# Robert Renman's latest lesson



## Lola (Nov 16, 2014)

Robert your tutorial on 4 big rock licks is just amazing. I am so excited. I have some of your other lessons and well, you put most teachers to shame. I use some of the stuff that I have learned from you in a band situation. You're actually helping to shape the guitar player that I am becoming. 

I love your lessons! I almost have the "cool" vibe happening when I play now! LOL

I can't thank you enough! Amazing doesn't even begin to describe how much better I sound!!!!


----------



## Robert1950 (Jan 21, 2006)

Aw come on with cake avatars Lola. I can't anything before bedtime !!!!!


----------



## Lola (Nov 16, 2014)

Robert1950 said:


> Aw come on with cake avatars Lola. I can't anything before bedtime !!!!!


But I can!

Robert I have to tell you a little story! lol

My youngest son bought a beautiful artisan crafted Reese's pieces Cheesecake for his gf's birthday. They were planning on getting together for her birthday but after my son trained at the gym, he came home and couldn't move. He told his gf that he couldn't make it cuz he was exhausted. She told him where to go and now consequently I have a beautiful cheesecake for my enjoyment. Cheesecake is just ultimate to me. The texture, the creaminess, the OMG factor! Especially Oreo cheesecake!


----------



## Lola (Nov 16, 2014)

Robert Renman I can't even begin but to say that this is so amazing. These licks sound so cool and so professional. I am learning them now for rehearsal. The licks just grab you by the neck and don't let go for even a second! Just a beautiful thing!


----------



## dolphinstreet (Sep 11, 2006)

Thanks Lola, great to hear!

Here are 4 rock licks broken down in details for you.


----------



## Dorian2 (Jun 9, 2015)

Robert is in a class of his own. We're lucky to have him.


----------



## Lola (Nov 16, 2014)

We are extremely lucky to have Robert amongst us.

I think I have finally found my niche!

Blues is such a great way to convey emotion into what you play! I happen to be an emotional person and for myself to be able to express myself in such a way is paramount to my motivation to practice, practice and practice.

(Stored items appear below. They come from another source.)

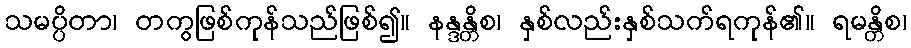
သမပ္ပိတာ၊ တကွဖြစ်ကုန်သည်ဖြစ်၍။ နန္ဒန္တိစ၊ နှစ်လည်းနှစ်သက်ရကုန်၏။ ရမန္တိစ၊
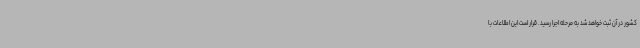
کشور در آن ثبت خواهد شد به مرحله اجرا رسید. قرار است این اطلاعات با
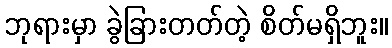
ဘုရားမှာ ခွဲခြားတတ်တဲ့ စိတ်မရှိဘူး။
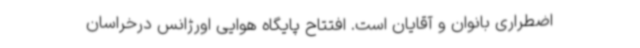
اضطراری بانوان و آقایان است. افتتاح پایگاه هوایی اورژانس درخراسان
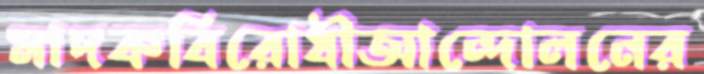
মাদকবিরোধীআন্দোলনের
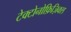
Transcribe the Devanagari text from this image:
टेक्टोनोफ़िज़िक्स
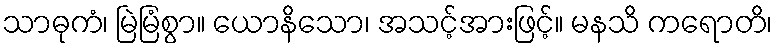
သာဓုကံ၊ မြဲမြံစွာ။ ယောနိသော၊ အသင့်အားဖြင့်။ မနသိ ကရောတိ၊
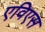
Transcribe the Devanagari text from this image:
एविएस
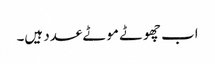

Blues makes my soul shine!

I will always love rock n roll but blues is the cats pyjamas for me!

The majority of rock that I listen to is based on a lot of blues masters from the past.


----------



## dolphinstreet (Sep 11, 2006)

Well, those are very kind words. Thank you so much.

I love the blues as well!


----------



## Scotty (Jan 30, 2013)

dolphinstreet said:


> Thanks Lola, great to hear!
> 
> Here are 4 rock licks broken down in details for you.


Awesome licks...thanks so much Robert. I especially like the 50% speed demo...great idea


----------



## dolphinstreet (Sep 11, 2006)

Scotty said:


> Awesome licks...thanks so much Robert. I especially like the 50% speed demo...great idea


Thanks Scotty!


----------